Our lab focuses on two major themes – 1) tissue regeneration in axolotl and 2) next-generation methodologies 

  • Tissue regeneration in axolotl – Axolotls are the premier model to study tissue regeneration and rightly so because they can regenerate many different body parts. They can regenerate their legs, tail, and many different internal organs such as the heart, liver, lung, kidney, spinal cord, and even brain. Our lab is interested in, if they can, why can’t we? Further, they do so without fibrotic scars. Contrary, mammals are poor at tissue regeneration. Instead, injury in mammals lead to fibrosis. It is our hope that by studying mechanisms of tissue regeneration, one day we will be able to solve the problem of fibrosis.

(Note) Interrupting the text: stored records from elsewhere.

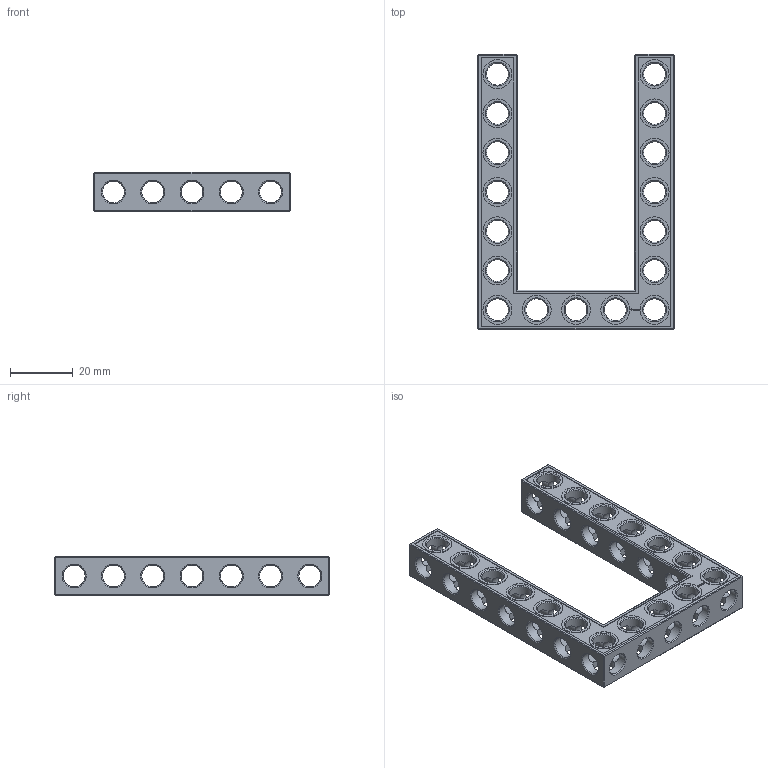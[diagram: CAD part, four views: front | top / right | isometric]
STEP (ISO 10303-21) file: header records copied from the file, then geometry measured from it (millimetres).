
FILE_DESCRIPTION(('FreeCAD Model'),'2;1');
FILE_NAME('Open CASCADE Shape Model','2022-02-23T17:36:32',( 'Paulo Kiefe'),('STEMFIE.org'),'Open CASCADE STEP processor 7.5', 'FreeCAD','Unknown');
FILE_SCHEMA(('AUTOMOTIVE_DESIGN { 1 0 10303 214 1 1 1 1 }'));
Products named in the file (1): Beam AGD ESS USH SYM BU05x07x01 - SPN-BEM-0344 (stemfie.org)
Bounding box: 62.5 x 87.5 x 12.5 mm (x, y, z)
Volume: 16612.4 mm3; surface area: 14949.3 mm2
Topology: 1 solids, 1 shells, 717 faces, 2085 edges, 1353 vertices
Faces by surface type: plane 410, extrusion 134, cylinder 103, cone 70
Full cylindrical faces by diameter (mm): 6.98 x16, 7 x70, 9.2 x17
Entity records: 113939 total; most frequent: CARTESIAN_POINT 74456, DIRECTION 6441, VECTOR 4536, LINE 4402, ORIENTED_EDGE 4170, PCURVE 4170, DEFINITIONAL_REPRESENTATION 4170, EDGE_CURVE 2085

  • Next-generation methodologies – Our lab firmly believes that we are asking the same biological questions that scientists have been asking for the last 200 years. For example, how does an embryo develop into an organism? or why do some organisms regenerate whereas others don’t? While the questions remain same, methodologies that are used to answer these questions have evolved. Our lab is constantly working to improve and implement next generation methodologies with a hope that these methodologies will help us unravel some of the biggest mysteries of biology.

Research Topics

Limb regeneration

The limb is a complex structure that consists of numerous tissue types such as epidermis, bones, muscles, fibroblasts, nerves, vasculature and immune cells. Upon limb amputation all these cell types coordinate with each other and carry out an extraordinary feat of restoring exactly the lost portion. How do the cells even know where the amputation was made? How do they know when to stop regenerating? How do they form an exact replica with all the proper skeletal elements? These are just some of the questions that keep us busy. 

Tail regeneration

Axolotl is one of the few organisms that can regenerate their primary body axis including spinal cord. During embryonic development, an array of myotomes and vertebrae is formed through a segmentation process called somitogenesis. Upon tail amputation axolotls also recreate new segments, each containing new muscles and vertebrae. However, these segments originate from a mature tissue and in the absence of somites. Using state of the art technologies, we are addressing questions such as; what is the cellular source of the tail blastema and what are the underlying molecular mechanisms of tail regeneration.

Tissue metamorphosis

Axolotls are full of wonders. Although they spend most of their life in neoteny, in the lab they are capable of metamorphosis. A single exposure to L-thyroxine transforms axolotl body – they retract their gills and start breathing with their lungs. During metamorphosis they shed their skin and the emerging skin is more compatible with the terrestrial habitat. They lose their fin and their tail rounds up. Interestingly, they can still display tissue regeneration ability, although there is a small decline in the rate and fidelity. We want to understand the cellular and molecular basis for metamorphosis and its implication on tissue regeneration.

Transgenic methodologies

Genetic manipulations have completely revolutionized biological science. While transgenic methodologies were widely deployed in mice, zebrafish, and drosophila since the 90s, the axolotl lagged behind. We have spent a lot of time refining and improving these methodologies, which now allow us to develop I-SceI transgenesis, CRISPR-mediated knock-in and knockout, tissue-specific fluorescent reporters, and inducible Cre-loxP methodologies in axolotl. While much is accomplished, there is still a lot of scope for improvement. We are continuously working to improve these methods.

Tissue clearing

How wonderful it would be, if we do not have to deal with the opacity of tissues and organs. Just a thought that we can see through regenerating tissue is breathtaking. While nature has made few transparent organisms, most models are non-transparent. However, by understanding the principles of light behaviors and its interaction with various substances/chemicals, we can achieve high level of transparency in fixed tissues. Our lab is constantly investigating these principles and leveraging it to perform whole mount imaging to perform snapshots of regeneration. 

mesoSPIM microscopy

With support from the developers of the mesoSPIM (please see www.mesospim.org for more information), we have built a next-generation mesoSPIM (mesoscale selective plane illumination microscopy) microscope at MDIBL. The funding to build this microscope was generously supported by NIGMSThe mesoSPIM microscope enables imaging of multi-cm scale samples at a subcellular resolution. At the time of its construction, this was the fourth mesoSPIM microscope on the American continent. It was developed in December 2022 and placed under the care of MDIBL-LMF which has made it accessible to other national and international researchers.